Trump’s Closest Confidante Just Brutally Turned On Him With Top Secret He Told Jack Smith

OPINION:  This article contains commentary which may reflect the author’s opinion

A secret dossier has surfaced, providing new insights on Donald Trump’s close circle and their efforts to dissuade the former president from inciting his fans during the January 6th incident.

ABC News reported that Special Counsel Jack Smith’s team interviewed Dan Scavino, the former Trump White House Deputy Chief of Staff for Communications, following the rejection of his executive privilege claims last year. The report delineated crucial information provided by Scavino, former Trump staffer Nick Luna, and other others who had close proximity to Trump on that particular day. These individuals are currently being legally obligated to cooperate with Smith, notwithstanding any prior assertions of executive privilege.

Prior accounts of the storming of the U.S. Capitol have highlighted that Trump declined to suppress his riotous fans, despite the urging of his aides.

“According to what sources said Scavino told Smith’s team, Trump was ‘very angry’ that day,” ABC reported. “Not angry at what his supporters were doing to a pillar of American democracy, but steaming that the election was allegedly stolen from him and his supporters, who were ‘angry on his behalf.’ Scavino described it all as ‘very unsettling,’ sources said.”

Scavino, who has been in Trump’s employ for the last thirty years, was the sole individual outside Trump himself who have the ability to access Trump’s Twitter account during that period. According to ABC’s story, when Trump criticized former Vice President Mike Pence for not supporting his plan to invalidate the 2020 election results, White House aides contacted Scavino and questioned his decision to post such a statement during a critical and uncertain time.

According to the report:

Scavino said he was as blindsided by the post as they were, insisting to them, “I didn’t do it,” according to the sources.

Some of Trump’s aides then returned to the dining room to explain to Trump that a public attack on Pence was “not what we need,” as Scavino put it to Smith’s team. “But it’s true,” Trump responded, sources told ABC News. Trump has publicly echoed that sentiment since then.

At about the same time Trump’s aides were again pushing him to do more, a White House security official heard reports over police radio that indicated Pence’s security detail believed “this was about to get very ugly,” according to the House committee’s report.

As Trump aide Luna recalled, according to sources, Trump didn’t seem to care that Pence had to be moved to a secure location. Trump showed he was “capable of allowing harm to come to one of his closest allies” at the time, Luna told investigators, the sources said.

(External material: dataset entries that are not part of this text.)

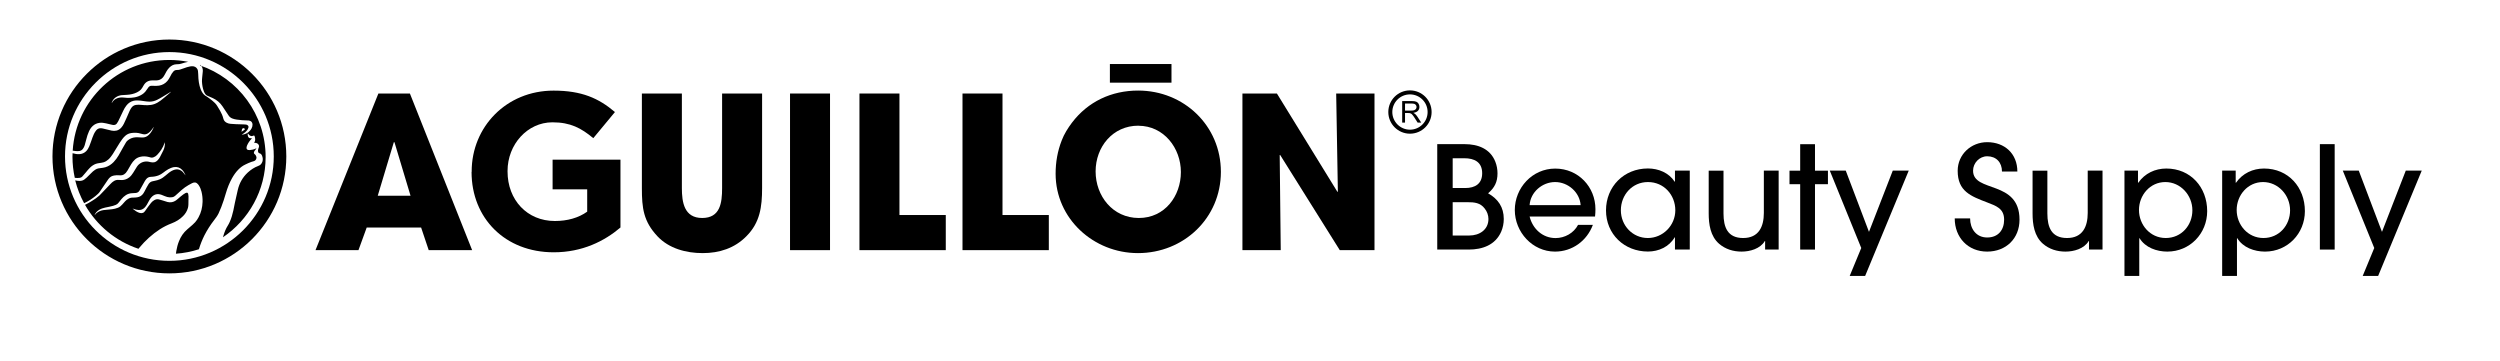 <?xml version="1.0" encoding="UTF-8"?>
<svg id="Capa_1" xmlns="http://www.w3.org/2000/svg" version="1.1" viewBox="0 0 430.65 62.1">
  <!-- Generator: Adobe Illustrator 29.8.1, SVG Export Plug-In . SVG Version: 2.1.1 Build 2)  -->
  <path d="M191.19,11.03h10.61v3.21h-10.61v-3.21Z"/>
  <path d="M73.85,43.09l-1.31-3.9h-9.37l-1.42,3.9h-7.4l10.83-26.98h5.43l10.72,26.98h-7.47ZM67.95,24.5h-.11l-2.77,9.22h5.65l-2.77-9.22Z"/>
  <g>
    <path d="M128.59,40.68c-2.04,2.08-4.67,2.92-7.55,2.92s-5.8-.8-7.77-2.88c-2.44-2.59-2.7-4.89-2.7-8.31v-16.3h6.89v16.3c0,2.44.4,5.14,3.5,5.14s3.43-2.59,3.43-5.14v-16.3h6.89v16.3c0,3.21-.36,5.94-2.7,8.28Z"/>
    <path d="M136.09,43.09v-26.98h6.89v26.98h-6.89Z"/>
    <path d="M148.05,43.09v-26.98h6.89v20.93h7.98v6.05h-14.87Z"/>
    <path d="M165.8,43.09v-26.98h6.89v20.93h7.98v6.05h-14.87Z"/>
    <path d="M196.02,43.6c-7.62,0-14.18-5.91-14.18-13.67,0-2,.33-3.9,1.06-5.76.4-1.06,1.06-2.11,1.75-3.03,2.77-3.65,6.82-5.54,11.41-5.54,7.87,0,14.25,6.05,14.25,14s-6.38,14-14.29,14ZM196.09,21.65c-4.41,0-7.36,3.65-7.36,7.88s2.95,8.02,7.44,8.02,7.25-3.79,7.25-7.91-2.92-7.98-7.33-7.98Z"/>
    <path d="M230.79,43.09l-10.28-16.41-.07.04.18,16.37h-6.6v-26.98h5.94l10.43,16.95.07-.07-.29-16.88h6.6v26.98h-5.98Z"/>
  </g>
  <path d="M81.25,29.61v-.08c0-7.65,5.96-13.92,14.11-13.92,4.84,0,7.77,1.31,10.57,3.69l-3.73,4.5c-2.08-1.73-3.92-2.73-7.04-2.73-4.31,0-7.73,3.81-7.73,8.38v.08c0,4.92,3.38,8.54,8.15,8.54,2.15,0,4.08-.54,5.57-1.61v-3.85h-5.96v-5.11h11.69v11.69c-2.77,2.35-6.57,4.27-11.5,4.27-8.38,0-14.15-5.88-14.15-13.84Z"/>
  <g>
    <path d="M258.6,39.9c-1.01,2.31-3.24,3.09-5.6,3.09h-5.42v-18.16h4.71c2.31,0,4.42.79,5.3,3.04.25.64.37,1.32.37,1.99,0,1.5-.51,2.48-1.62,3.44,1.72.98,2.7,2.38,2.7,4.42,0,.76-.15,1.5-.44,2.18ZM252.25,27.26h-2.01v5.13h2.16c1.72,0,2.92-.74,2.92-2.55,0-1.94-1.37-2.58-3.07-2.58ZM255.76,35.93c-.76-1.01-1.79-1.1-2.97-1.1h-2.55v5.74h2.87c1.72,0,3.29-.98,3.29-2.85,0-.64-.24-1.3-.64-1.79Z"/>
    <path d="M274.75,37.3h-11.26c.52,2.11,2.23,3.71,4.47,3.71,1.59,0,3.14-.86,3.88-2.28h2.55c-1.03,2.77-3.56,4.61-6.53,4.61-3.88,0-6.92-3.36-6.92-7.16s2.99-7.14,6.97-7.14,6.92,3.17,6.92,6.99c0,.42-.02.86-.07,1.28ZM267.88,31.36c-2.21,0-4.25,1.74-4.39,3.98h8.79c-.15-2.23-2.18-3.98-4.39-3.98Z"/>
    <path d="M288.53,42.99v-2.11h-.05c-.96,1.64-2.75,2.45-4.61,2.45-4.07,0-7.22-2.99-7.22-7.09s3.09-7.22,7.22-7.22c1.82,0,3.61.74,4.61,2.28h.05v-1.91h2.55v13.6h-2.55ZM283.87,31.36c-2.7,0-4.66,2.21-4.66,4.86s2.04,4.78,4.64,4.78,4.74-2.16,4.74-4.78-1.94-4.86-4.71-4.86Z"/>
    <path d="M304.06,42.99v-1.47h-.05c-.79,1.33-2.55,1.82-4,1.82s-2.8-.42-3.88-1.35c-1.5-1.3-1.79-3.36-1.79-5.23v-7.36h2.55v7.36c0,2.4.71,4.24,3.39,4.24s3.56-1.96,3.56-4.32v-7.29h2.55v13.6h-2.33Z"/>
    <path d="M312.65,31.73v11.26h-2.55v-11.26h-1.84v-2.33h1.84v-4.56h2.55v4.56h2.23v2.33h-2.23Z"/>
    <path d="M321.28,47.53h-2.65l1.99-4.81-5.42-13.33h2.75l4,10.55,4.1-10.55h2.75l-7.51,18.14Z"/>
    <path d="M342.31,43.34c-3.31,0-5.59-2.43-5.59-5.72h2.65c0,1.77,1.03,3.29,2.94,3.29s2.92-1.3,2.92-3.07c0-1.94-1.4-2.38-2.92-2.97-2.82-1.08-5.08-1.91-5.08-5.45,0-2.82,2.31-4.93,5.08-4.93,3.02,0,5.2,1.99,5.2,5.06h-2.65c0-1.57-.98-2.63-2.55-2.63-1.32,0-2.43,1.15-2.43,2.48,0,3.85,8,1.55,8,8.44,0,3.26-2.33,5.5-5.57,5.5Z"/>
    <path d="M359.85,42.99v-1.47h-.05c-.79,1.33-2.55,1.82-4,1.82s-2.8-.42-3.88-1.35c-1.5-1.3-1.79-3.36-1.79-5.23v-7.36h2.55v7.36c0,2.4.71,4.24,3.39,4.24s3.56-1.96,3.56-4.32v-7.29h2.55v13.6h-2.33Z"/>
    <path d="M373.34,43.34c-1.82,0-3.8-.69-4.78-2.31h-.05v6.5h-2.55v-18.14h2.33v2.09h.05c1.13-1.62,2.9-2.45,4.83-2.45,4.2,0,7.04,3.24,7.04,7.34,0,3.85-2.97,6.97-6.87,6.97ZM373,31.36c-2.63,0-4.54,2.26-4.54,4.81s1.91,4.83,4.61,4.83,4.59-2.18,4.59-4.78-2.04-4.86-4.66-4.86Z"/>
    <path d="M390.17,43.34c-1.82,0-3.8-.69-4.78-2.31h-.05v6.5h-2.55v-18.14h2.33v2.09h.05c1.13-1.62,2.9-2.45,4.83-2.45,4.2,0,7.04,3.24,7.04,7.34,0,3.85-2.97,6.97-6.87,6.97ZM389.83,31.36c-2.63,0-4.54,2.26-4.54,4.81s1.91,4.83,4.61,4.83,4.59-2.18,4.59-4.78-2.04-4.86-4.66-4.86Z"/>
    <path d="M399.62,42.99v-18.16h2.55v18.16h-2.55Z"/>
    <path d="M409.65,47.53h-2.65l1.99-4.81-5.42-13.33h2.75l4,10.55,4.1-10.55h2.75l-7.51,18.14Z"/>
  </g>
  <g>
    <path d="M242.88,23.03c-2.05,0-3.73-1.67-3.73-3.73s1.67-3.73,3.73-3.73,3.73,1.67,3.73,3.73-1.67,3.73-3.73,3.73ZM242.88,16.26c-1.68,0-3.04,1.37-3.04,3.04s1.37,3.04,3.04,3.04,3.04-1.36,3.04-3.04-1.36-3.04-3.04-3.04Z"/>
    <path d="M241.54,21.13v-3.72h1.65c.33,0,.58.03.76.1.17.07.31.18.41.35.1.17.15.36.15.56,0,.26-.08.49-.26.67-.17.18-.44.29-.79.35.13.06.23.12.3.18.14.13.28.3.41.49l.65,1.01h-.62l-.49-.77c-.14-.22-.26-.4-.36-.51-.09-.12-.17-.2-.25-.25-.07-.05-.15-.08-.22-.1-.06-.01-.15-.02-.28-.02h-.57v1.65h-.49ZM242.03,19.05h1.06c.23,0,.4-.02.53-.07.13-.05.22-.12.29-.22.07-.1.1-.21.1-.33,0-.18-.07-.32-.19-.43-.13-.11-.33-.17-.61-.17h-1.18v1.23Z"/>
  </g>
  <g>
    <path d="M34.53,11.17c.05.05.1.11.14.17.22.3.3.63.26.99-.03.33-.07.65-.1.98-.02.24-.05.49-.04.73.03.58.12,1.15.33,1.7.07.18.16.36.28.51.09.11.2.2.34.25.31.13.62.26.92.4.69.32,1.25.79,1.67,1.42.22.34.45.67.67,1.01.13.19.26.38.38.57.15.23.36.39.61.5.25.1.51.16.78.2.32.04.64.09.96.11.3.02.6.03.9.04.11,0,.22,0,.32.03.34.07.54.32.55.67,0,.24-.05.47-.17.68-.36.62-.89.98-1.6,1.07-.02,0-.04,0-.07,0,0,0,0-.01,0-.02.07-.04.14-.08.21-.13.26-.16.5-.36.69-.6.11-.15.19-.31.24-.49.04-.14-.03-.31-.16-.4-.1-.07-.21-.1-.33-.11-.12,0-.23-.01-.35-.02-.44-.02-.87-.03-1.31-.04-.31-.01-.62-.03-.93-.06-.23-.02-.45-.07-.66-.18-.3-.15-.5-.38-.58-.7-.12-.49-.32-.94-.57-1.38-.16-.28-.33-.56-.5-.83-.21-.34-.49-.62-.8-.87-.3-.25-.62-.48-.94-.7-.04-.02-.07-.05-.11-.07-.31-.16-.54-.39-.72-.68-.22-.35-.36-.74-.46-1.13-.1-.41-.17-.83-.2-1.25-.02-.28-.03-.55-.04-.83-.01-.17-.02-.34-.04-.51-.05-.38-.37-.7-.74-.77-.2-.04-.4-.02-.6.01-.38.06-.73.19-1.09.32-.23.08-.46.16-.68.23-.15.05-.3.06-.45.06-.09,0-.17,0-.26.02-.17.03-.3.12-.41.24-.11.13-.21.26-.3.4-.1.16-.18.32-.26.49-.13.27-.29.52-.48.75-.38.44-.85.7-1.42.8-.35.06-.7.05-1.06.03-.11,0-.21,0-.32,0-.18.01-.32.09-.44.23-.08.09-.14.2-.21.3-.11.16-.22.33-.35.48-.32.38-.74.62-1.2.8-.42.16-.85.23-1.3.26-.43.03-.86,0-1.29-.05-.36-.04-.72,0-1.06.13-.38.14-.68.39-.88.75-.01.02-.03.04-.05.06,0-.02,0-.04,0-.06.13-.4.38-.71.72-.94.3-.19.62-.31.97-.35.32-.03.65-.04.97-.06.59-.04,1.15-.16,1.68-.42.14-.07.27-.15.39-.23.22-.15.4-.35.53-.58.08-.14.16-.29.25-.43.33-.56.83-.82,1.48-.82.24,0,.48,0,.71,0,.41-.02.78-.15,1.07-.47.14-.15.24-.32.34-.5.1-.2.21-.4.32-.59.15-.26.32-.49.54-.7.32-.3.69-.5,1.14-.52.08,0,.17-.02.25-.01.2,0,.4-.03.59-.09.4-.13.8-.24,1.21-.32-1.05-.21-2.14-.32-3.26-.32-8.85,0-16.09,6.9-16.63,15.62.14.02.28.05.42.06.25.03.5.04.75,0,.24-.05.43-.16.58-.36.15-.19.25-.41.32-.64.1-.35.19-.69.28-1.04.12-.46.25-.92.46-1.36.16-.35.37-.66.65-.92.33-.3.72-.47,1.16-.53.38-.05.76,0,1.13.09.34.08.67.16,1.01.24.15.04.3.06.45.03.16-.03.28-.1.38-.23.19-.25.32-.53.45-.81.22-.46.43-.93.66-1.39.15-.32.33-.63.55-.91.33-.43.75-.71,1.28-.83.21-.04.41-.05.62-.05.37,0,.73.06,1.09.11.32.05.65.1.98.1.46,0,.9-.11,1.31-.31.35-.17.68-.37,1.02-.57.41-.25.83-.5,1.24-.75.04-.03.08-.05.13-.07,0,0,0,.01.01.02-.15.13-.3.26-.45.39-.44.37-.87.76-1.33,1.1-.34.25-.7.47-1.1.61-.37.13-.74.18-1.13.19-.36.01-.71-.02-1.07-.05-.32-.03-.64-.05-.96,0-.3.05-.54.19-.73.43-.14.18-.25.38-.35.59-.2.44-.38.88-.58,1.33-.13.3-.27.6-.42.9-.12.24-.26.46-.44.66-.23.26-.51.45-.86.52-.26.06-.53.05-.79,0-.42-.09-.84-.2-1.25-.3-.19-.05-.38-.1-.57-.11-.36-.03-.64.1-.86.37-.16.19-.28.41-.39.63-.19.4-.32.82-.47,1.24-.1.29-.21.58-.32.86-.13.32-.31.62-.56.87-.32.3-.69.46-1.13.49-.41.03-.8-.05-1.19-.16,0,.2-.02.4-.02.6,0,1.25.14,2.47.4,3.64.29.03.58.05.87,0,.17-.03.32-.1.43-.23.2-.23.4-.47.6-.7.24-.29.47-.58.74-.84.29-.28.61-.5.99-.64.19-.07.4-.1.6-.13.25-.04.5-.07.74-.14.31-.1.57-.26.81-.48.3-.27.54-.59.76-.93.29-.45.57-.92.85-1.38.25-.41.5-.82.79-1.2.18-.24.37-.46.61-.65.28-.22.61-.35.96-.4.27-.04.55-.05.82-.04.28.01.55.07.82.15.12.03.24.06.36.09.34.08.65,0,.93-.2.18-.13.34-.28.47-.45.14-.17.28-.35.41-.53.02-.02.04-.05.05-.07,0,0,.01.01.01.02-.17.39-.37.78-.65,1.11-.15.18-.31.34-.5.46-.28.18-.59.24-.92.23-.24,0-.49-.03-.73-.04-.52-.02-1.02.08-1.47.37-.22.14-.41.31-.54.53-.18.31-.35.61-.53.92-.24.43-.48.87-.73,1.3-.24.41-.52.8-.86,1.15-.4.41-.86.72-1.41.89-.27.08-.55.12-.83.15-.12.01-.25.03-.37.05-.2.03-.38.12-.56.23-.27.17-.5.38-.72.61-.25.25-.49.5-.75.74-.12.12-.26.23-.4.33-.24.18-.51.24-.8.25-.27,0-.53-.03-.78-.09.35,1.39.87,2.71,1.54,3.93.02,0,.03-.02.05-.03.69-.32,1.33-.74,1.92-1.22.14-.12.28-.24.42-.37.13-.12.25-.26.35-.42.45-.66.89-1.33,1.35-1.99.09-.14.2-.26.32-.38.22-.22.5-.32.81-.37.27-.05.54-.05.81-.03.17.02.34.02.51-.02.26-.06.46-.2.64-.39.11-.13.2-.27.29-.41.2-.36.41-.72.62-1.07.18-.3.4-.58.66-.82.25-.23.54-.37.86-.46.53-.14,1.06-.11,1.59.03.06.02.11.03.17.05.21.07.41.06.61-.02.23-.09.42-.22.59-.4.56-.58.99-1.24,1.26-1.99.02-.06.04-.13.08-.2,0,.02,0,.03,0,.05.03.48-.07.94-.27,1.37-.18.39-.38.76-.58,1.14-.1.19-.23.37-.38.53-.18.19-.39.34-.66.38-.21.03-.41,0-.61-.04-.13-.03-.26-.07-.4-.09-.68-.08-1.26.14-1.73.63-.07.07-.13.15-.18.24-.22.35-.44.7-.65,1.05-.19.31-.41.59-.69.81-.36.28-.77.43-1.22.45-.19,0-.38,0-.57-.02-.3-.03-.56.03-.82.18-.23.13-.42.31-.61.51-.47.5-.95,1-1.43,1.5-.15.16-.3.33-.46.48-.4.36-.83.66-1.29.94-.39.25-.79.48-1.21.68,2.02,3.54,5.29,6.26,9.21,7.57,0,0,0,0,0,0,.06-.07.11-.14.16-.2,1.03-1.23,2.19-2.3,3.54-3.17.64-.41,1.32-.75,2.03-1.02.73-.28,1.4-.68,1.95-1.24.4-.4.69-.87.84-1.41.05-.2.08-.4.08-.6,0-.46.02-.93.02-1.39,0-.13-.03-.27-.05-.4,0-.03-.02-.06-.03-.09-.05-.11-.13-.16-.25-.14-.07.01-.15.04-.21.07-.12.07-.24.14-.35.22-.34.24-.64.51-.95.78-.11.09-.22.19-.34.27-.44.3-.92.39-1.44.26-.27-.07-.53-.17-.8-.25-.22-.07-.44-.13-.66-.19-.29-.08-.56-.02-.81.12-.22.12-.4.28-.56.47-.18.22-.36.46-.53.69-.16.22-.32.45-.48.68-.04.06-.09.12-.15.18-.13.14-.28.21-.47.22-.15,0-.3-.02-.44-.07-.41-.15-.75-.39-1.08-.68,0,0,0-.01,0-.03.06.02.12.04.18.06.27.1.54.17.82.18.39.02.72-.1,1-.37.17-.16.3-.34.42-.54.14-.25.28-.5.41-.74.11-.2.23-.39.39-.56.47-.51,1.04-.64,1.69-.42.21.07.42.17.62.25.14.05.27.1.41.14.28.07.57.09.85.04.18-.03.34-.1.48-.22.19-.16.38-.33.56-.5.37-.35.75-.69,1.17-.99.39-.27.79-.5,1.21-.71.16-.08.32-.13.5-.12.12,0,.23.05.32.12.15.1.26.24.35.38.22.34.37.71.46,1.1.14.57.2,1.16.18,1.75-.03.93-.24,1.82-.69,2.64-.16.3-.35.59-.58.85-.14.16-.3.31-.47.46-.29.26-.59.52-.89.77-.66.56-1.12,1.25-1.43,2.04-.22.54-.36,1.1-.46,1.67-.03.16-.05.33-.07.49,1.37-.1,2.7-.36,3.96-.77.24-.82.56-1.62.95-2.4.47-.91,1.02-1.78,1.65-2.59.29-.37.57-.75.78-1.17.17-.36.32-.73.47-1.1.31-.79.56-1.59.8-2.41.26-.89.6-1.75,1.05-2.56.3-.53.64-1.03,1.07-1.47.37-.38.79-.7,1.28-.92.32-.15.64-.31.97-.42.12-.04.25-.08.37-.11.28-.07.46-.24.52-.54.02-.09,0-.18-.02-.26-.05-.18-.15-.34-.31-.45-.09-.06-.12-.14-.11-.24.01-.12.06-.22.13-.32.08-.11.17-.21.25-.32.02-.02.04-.05.05-.08v-.02s-.05.01-.07.02c-.34.17-.7.25-1.08.28-.08,0-.17,0-.26-.02-.2-.04-.3-.18-.29-.39.01-.14.05-.27.1-.4.18-.42.44-.79.75-1.12.03-.03.08-.05.05-.1-.03-.04-.07-.02-.11-.02-.06,0-.13,0-.19,0-.15-.02-.25-.1-.31-.23-.08-.17-.1-.35-.09-.53,0-.02.02-.04.04-.07.02.03.04.05.05.07.07.08.13.16.2.23.2.18.43.22.68.1.12-.05.19-.03.23.1.11.35.15.7-.03,1.04-.02.03-.02.07-.04.12.04,0,.06,0,.08-.01.33-.08.73.19.75.56,0,.08-.02.16-.05.24-.06.14-.11.28-.13.43-.02.13,0,.26.05.38.03.08.09.13.18.16.23.06.38.21.46.42.13.33.18.67.07,1.02-.06.21-.18.39-.35.55-.04.03-.08.06-.12.08-.09.05-.18.09-.27.13-.67.25-1.25.64-1.78,1.12-.89.83-1.46,1.84-1.73,3.02-.17.73-.33,1.46-.49,2.18-.1.45-.17.89-.27,1.34-.15.68-.34,1.35-.63,1.99-.09.2-.19.4-.31.59-.35.54-.58,1.13-.76,1.73-.03.1-.06.21-.09.31,4.43-3,7.35-8.07,7.35-13.82,0-7.33-4.74-13.56-11.32-15.79ZM31.56,29.71c-.12-.15-.27-.27-.44-.36-.31-.18-.64-.22-.99-.13-.4.1-.74.31-1.06.56-.2.15-.39.32-.58.48-.29.24-.58.46-.92.61-.3.13-.61.22-.93.28-.11.02-.23.05-.34.07-.31.06-.54.23-.71.49-.12.18-.23.38-.33.57-.12.23-.24.46-.36.69-.06.12-.13.23-.2.34-.26.39-.62.61-1.08.68-.26.04-.51.05-.77.05-.29,0-.55.08-.79.23-.19.11-.35.25-.5.4-.17.18-.34.37-.5.56-.21.24-.45.44-.75.56-.16.06-.33.12-.5.16-.31.08-.64.11-.96.14-.34.03-.68.05-1.02.1-.46.07-.89.24-1.24.56-.1.1-.19.21-.3.32.02-.04.03-.08.04-.11.16-.34.42-.6.73-.8.32-.2.68-.32,1.05-.4.46-.09.91-.18,1.36-.3.17-.05.34-.11.5-.18.19-.08.34-.21.46-.37.16-.2.31-.4.47-.59.23-.28.49-.52.8-.72.33-.2.68-.31,1.07-.32.21,0,.42-.02.63-.04.27-.03.48-.16.62-.39.08-.13.16-.27.23-.4.24-.43.48-.86.72-1.29.05-.09.11-.18.18-.26.21-.29.5-.43.86-.44.46-.01.91-.09,1.34-.26.28-.11.52-.27.76-.45.28-.21.55-.42.86-.59.31-.17.63-.31.98-.37.56-.09,1.03.06,1.43.47.25.26.43.58.57.91,0,0,0,.02,0,.03-.14-.17-.27-.34-.41-.51ZM41.62,22.7c.02-.12.03-.25.05-.37.01-.09.06-.16.13-.21.08-.06.16-.07.24-.02.03.02.06.04.09.06.06.04.07.09.03.15-.04.05-.09.1-.15.13-.15.07-.28.15-.38.28,0,0-.01,0-.02,0Z"/>
    <path d="M29.18,6.81c-11.1,0-20.14,9.03-20.14,20.14s9.03,20.14,20.14,20.14,20.14-9.03,20.14-20.14S40.29,6.81,29.18,6.81ZM29.18,44.93c-9.92,0-17.98-8.07-17.98-17.98S19.27,8.97,29.18,8.97s17.98,8.07,17.98,17.98-8.07,17.98-17.98,17.98Z"/>
  </g>
</svg>

After a duration of over thirty minutes, Trump granted Scavino permission to post a message on Twitter that he had composed, urging the rioters to maintain a peaceful demeanor. However, according to reports, Trump’s advisors continued to insist on taking more action. Scavino verified that Trump had further apprehensions beyond halting the incident.

Trump listened to the pleas, “but he was just not interested at that moment to put anything out,” Scavino told Smith’s team, according to the sources. Instead, Trump was focused on watching TV and taking in the chaotic scenes, Scavino said, the sources added.

During the conversation, Scavino and Smith’s team discussed what they alleged to be the absence of any substantial evidence of widespread fraud that would have compromised the election results, making Scavino another Trump official to have flipped on their former boss.